Household consumption, investment, public spending and exports slowed in 2012, wiping 2.6 percentage points off the growth rate. The erosion of household and business confidence throughout 2012 suggests that there will be a slight slowdown in private spending and investment, which will nevertheless remain the chief drivers of activity in 2013. Public spending will grow as will restocking. Foreign trade will make a slightly negative contribution to growth.


Modest growth in household consumption and investment supported by public spending

Despite a slight increase in their disposable income and a high savings level (nearly 10% of disposable income), households will increase their spending only slightly in 2013. The sluggish labour market and rising unemployment (8% of the active population) affecting 23% of young people will encourage households to be cautious. Falling house prices (an expected fall of 7% in 2013 after a decline of 5% in 2012) will also affect consumption negatively, all the more so as households have high debt levels (170% of disposable income). This property price adjustment follows a continuous rise (about 7.5%) on average since the start of the crisis. Despite low interest rates, residential investment is expected to grow only slightly. The deceleration in new housing starts in the second half of 2012 is a harbinger of this slowdown.  
Faced with a reduction of the production capacity utilisation rate and of orders recorded in the domestic and international markets at the end of 2012, businesses will exercise caution when investing. Investment, however, receive a boost as a result of the government’s decision to devote a package of 23 billion Swedish krona (0.6% of GDP) to funding, in particular, mining infrastructures. In this context, the aim of returning to fiscal surplus in 2013 is unlikely to be achieved. However, public debt is expected to fall as a result of various privatisation projects. 
 

Exports handicapped by slowing demand and the high Swedish krona exchange rate

Swedish exports represent half of GDP and are mainly directed to Europe (70%), with Germany, the United Kingdom, Denmark and Finland together totalling a third of these sales. Exports slowed significantly in 2012 as a result of the recession in the eurozone and the unfavourable Swedish krona exchange rate, which reached a peak against the euro in mid-2012. They will be undermined by the expected continuation of the cyclical trough in most Northern European countries in 2013. Moreover, the currency’s exchange rate will remain high and continue to adversely affect businesses’ price competitiveness, although the Swedish economy’s fundamentals continue to attract investors. In this context of a slight slowdown, the Sveriges Riksbank could cut its key rate during the year. This would result in a slight depreciation of the Swedish currency towards the end of 2013 and ease the debt-servicing burden of households with variable rate mortgages (about 60% of existing debts). But in October 2012, although the economic slowdown was already beginning to be felt, the central bank decided to prioritise the control of household debt. A fall in rates is therefore not expected in the early part of the year, unless the European economic situation worsens more than expected.
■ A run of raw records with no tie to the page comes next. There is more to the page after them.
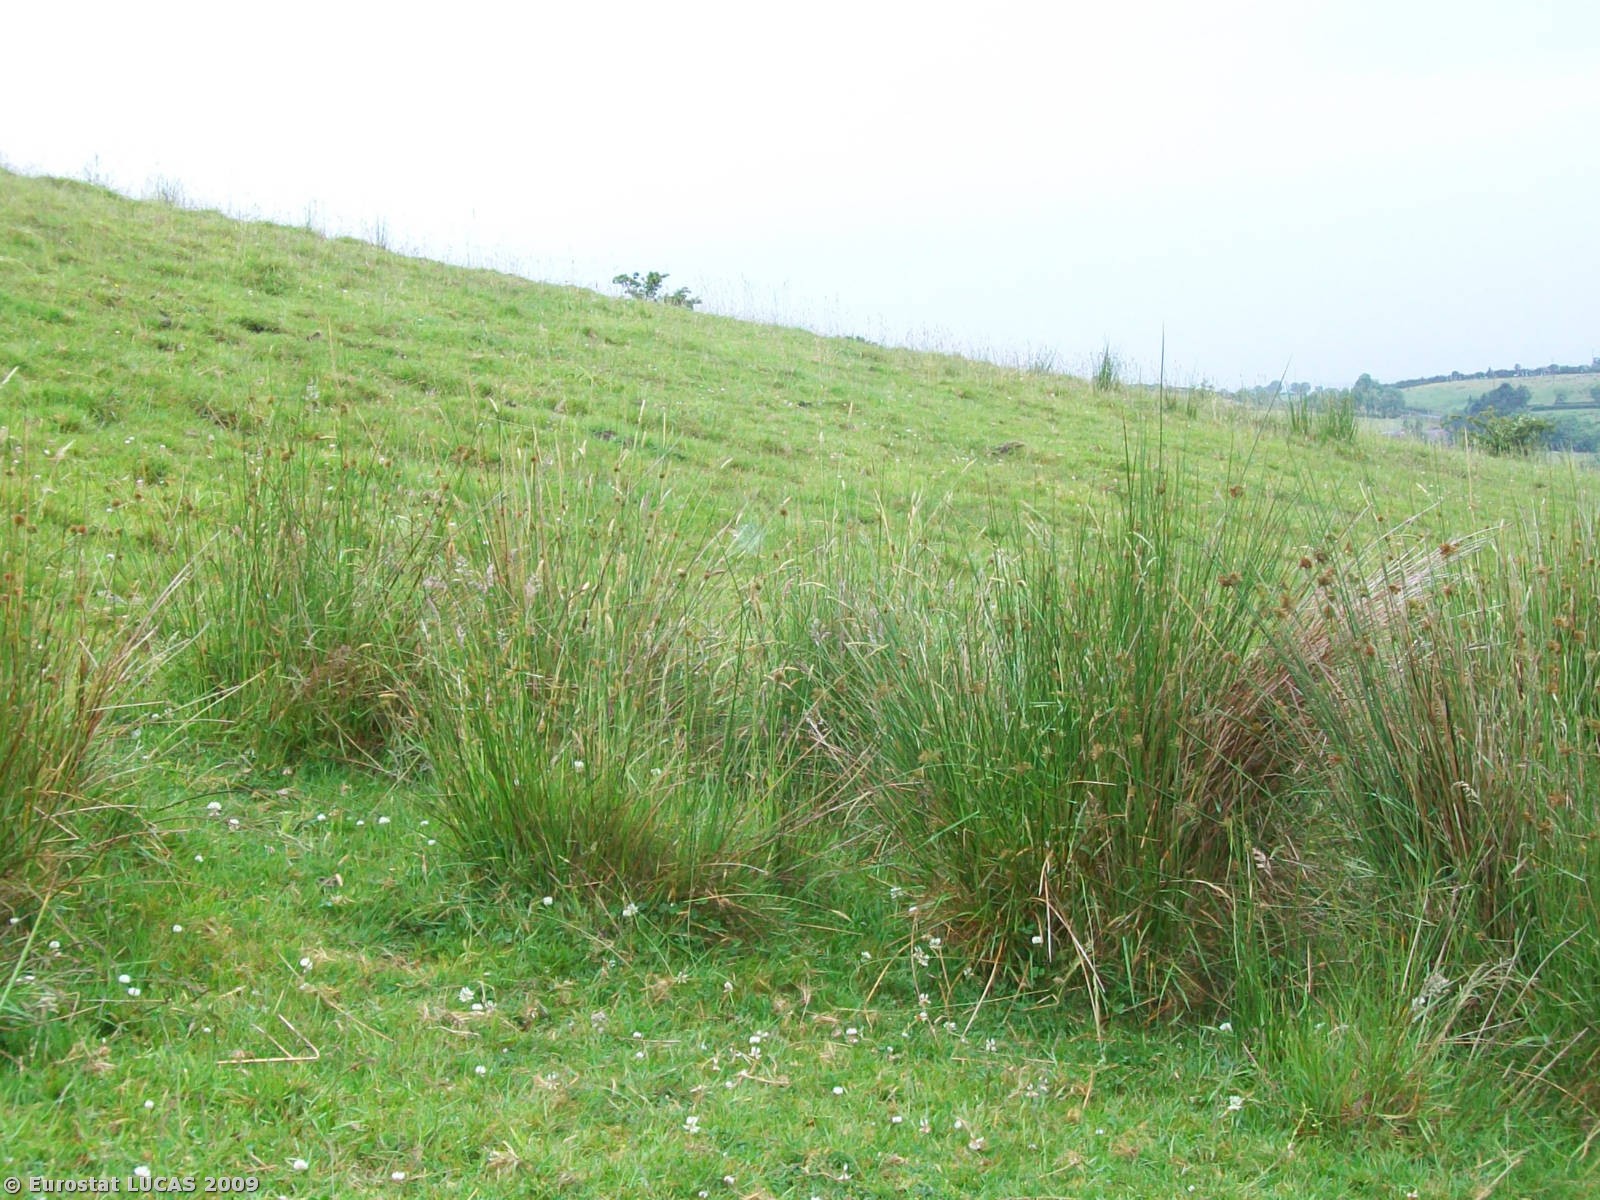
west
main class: Grassland
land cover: Grassland without tree/shrub cover
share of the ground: > 75 %
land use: Agriculture (excluding fallow land and kitchen gardens)
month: June
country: GB
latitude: 54.4526
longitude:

Significant increase in bankruptcies

The banking sector is robust but could be weakened, particularly by its property sector commitments. But at this stage, the house price adjustment is gradual. Access to bank credit is not expected to tighten but demand could be less sustained in a context of household and business caution. Among the exporting sectors, which will suffer most from the fall in orders and the Swedish krona’s high exchange rate, mechanical engineering, cars and chemical products will be the most affected while confidence has also declined in construction and distribution. These difficulties are reflected in the number of bankruptcies: they increased by over 18% in the third quarter of 2012, compared with the same period in 2011 and their number is over 25% higher than the one recorded before the crisis. This tendency is reflected in the slight increase in Coface’s payment incidents index, which, however, remains below the world average.